### What needs to be done
Exact reproduction of the data is required, with images excluded.

### Data records

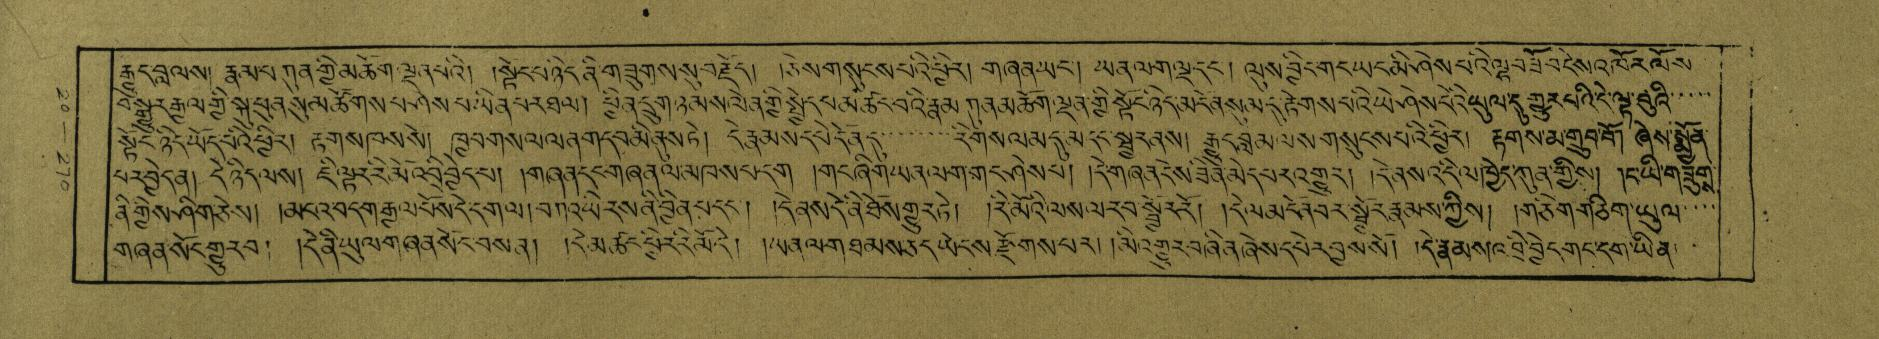རྒྱུད་བླ་ལས། རྣམ་པ་ཀུན་གྱི་མཆོག་ལྡན་པའི། །སྟོང་པ་ཉིད་ནི་གཟུགས་སུ་བརྗོད། །ཅེས་གསུངས་པའི་ཕྱིར། གཞན་ཡང་། ཡན་ལག་ལྔ་དང་། ལུས་བྱིང་གང་ཡང་མི་ཤེས་པའི་ལྷ་བཟོ་བ་དེས་འཁོར་ལོས་
བསྒྱུར་རྒྱལ་གྱི་སྐུ་ཕུན་སུམ་ཚོགས་པ་ཤེས་པ་ཡིན་པར་ཐལ། ཕྱིན་དྲུག་ཉམས་ལེན་གྱི་སྤྱོད་པ་མ་ཚང་བའི་རྣམ་ཀུན་མཆོག་ལྡན་གྱི་སྟོང་ཉིད་མངོན་སུམ་དུ་རྟོགས་པའི་ཡེ་ཤེས་དེའི་ཡུལ་དུ་གྱུར་པའི་དེ་ལྟ་བུའི་
སྟོང་ཉིད་ཡོད་པའི་ཕྱིར། རྟགས་ཁས་སོ། ཁྱབ་གསལ་ལན་གདབ་མི་ནུས་ཏེ། དེ་རྣམས་དཔེ་དོན་དུ་རིགས་ལམ་དུ་མ་དང་སྦྱར་ནས། རྒྱུད་བླ་མ་ལས་གསུངས་པའི་ཕྱིར། རྟགས་མ་གྲུབ་བོ། ཞེས་སྨྱོན་
པར་བྱེད་ན། དེ་ཉིད་ལས། ཇི་ལྟར་རི་མོ་འབྲི་བྱེད་པ། །གཞན་དང་གཞན་ལ་མཁས་པ་དག །གང་ཞིག་ཡན་ལག་གང་ཤེས་པ། །དེ་གཞན་ངེས་ཟིན་མེད་པར་འགྱུར། །དེ་ནས་འདི་ལ་ཁྱེད་ཀུན་གྱིས། །ང་ཡི་གཟུགས་
ནི་གྱིས་ཤིག་ཅེས། །མངའ་བདག་རྒྱལ་པོས་དེ་དག་ལ། བཀའ་ཡི་རས་ནི་བྱིན་པ་དང་། །དེ་ནས་དེ་ནི་ཐོས་གྱུར་ཏེ། །རི་མོའི་ལས་ལ་རབ་སྦྱོར་རོ། །དེ་ལ་མངོན་བར་སྦྱོར་རྣམས་ཀྱིས། །གཅིག་གཅིག་ཡུལ་
གཞན་སོང་གྱུར་བ། །དེ་ནི་ཡུལ་གཞན་སོང་བས་ན། །དེ་མ་ཚང་ཕྱིར་རི་མོ་དེ། །ཡན་ལག་ཐམས་ཅད་ཡོངས་རྫོགས་པར། །མི་འགྱུར་བཞིན་ཞེས་དཔེར་བྱས་སོ། །དེ་རྣམས་འབྲི་བྱེད་གང་དག་ཡིན། །

### Answer to this exercise
རྒྱུད་བླ་ལས། རྣམ་པ་ཀུན་གྱི་མཆོག་ལྡན་པའི། །སྟོང་པ་ཉིད་ནི་གཟུགས་སུ་བརྗོད། །ཅེས་གསུངས་པའི་ཕྱིར། གཞན་ཡང་། ཡན་ལག་ལྔ་དང་། ལུས་བྱིང་གང་ཡང་མི་ཤེས་པའི་ལྷ་བཟོ་བ་དེས་འཁོར་ལོས་
བསྒྱུར་རྒྱལ་གྱི་སྐུ་ཕུན་སུམ་ཚོགས་པ་ཤེས་པ་ཡིན་པར་ཐལ། ཕྱིན་དྲུག་ཉམས་ལེན་གྱི་སྤྱོད་པ་མ་ཚང་བའི་རྣམ་ཀུན་མཆོག་ལྡན་གྱི་སྟོང་ཉིད་མངོན་སུམ་དུ་རྟོགས་པའི་ཡེ་ཤེས་དེའི་ཡུལ་དུ་གྱུར་པའི་དེ་ལྟ་བུའི་
སྟོང་ཉིད་ཡོད་པའི་ཕྱིར། རྟགས་ཁས་སོ། ཁྱབ་གསལ་ལན་གདབ་མི་ནུས་ཏེ། དེ་རྣམས་དཔེ་དོན་དུ་རིགས་ལམ་དུ་མ་དང་སྦྱར་ནས། རྒྱུད་བླ་མ་ལས་གསུངས་པའི་ཕྱིར། རྟགས་མ་གྲུབ་བོ། ཞེས་སྨྱོན་
པར་བྱེད་ན། དེ་ཉིད་ལས། ཇི་ལྟར་རི་མོ་འབྲི་བྱེད་པ། །གཞན་དང་གཞན་ལ་མཁས་པ་དག །གང་ཞིག་ཡན་ལག་གང་ཤེས་པ། །དེ་གཞན་ངེས་ཟིན་མེད་པར་འགྱུར། །དེ་ནས་འདི་ལ་ཁྱེད་ཀུན་གྱིས། །ང་ཡི་གཟུགས་
ནི་གྱིས་ཤིག་ཅེས། །མངའ་བདག་རྒྱལ་པོས་དེ་དག་ལ། བཀའ་ཡི་རས་ནི་བྱིན་པ་དང་། །དེ་ནས་དེ་ནི་ཐོས་གྱུར་ཏེ། །རི་མོའི་ལས་ལ་རབ་སྦྱོར་རོ། །དེ་ལ་མངོན་བར་སྦྱོར་རྣམས་ཀྱིས། །གཅིག་གཅིག་ཡུལ་
གཞན་སོང་གྱུར་བ། །དེ་ནི་ཡུལ་གཞན་སོང་བས་ན། །དེ་མ་ཚང་ཕྱིར་རི་མོ་དེ། །ཡན་ལག་ཐམས་ཅད་ཡོངས་རྫོགས་པར། །མི་འགྱུར་བཞིན་ཞེས་དཔེར་བྱས་སོ། །དེ་རྣམས་འབྲི་བྱེད་གང་དག་ཡིན། །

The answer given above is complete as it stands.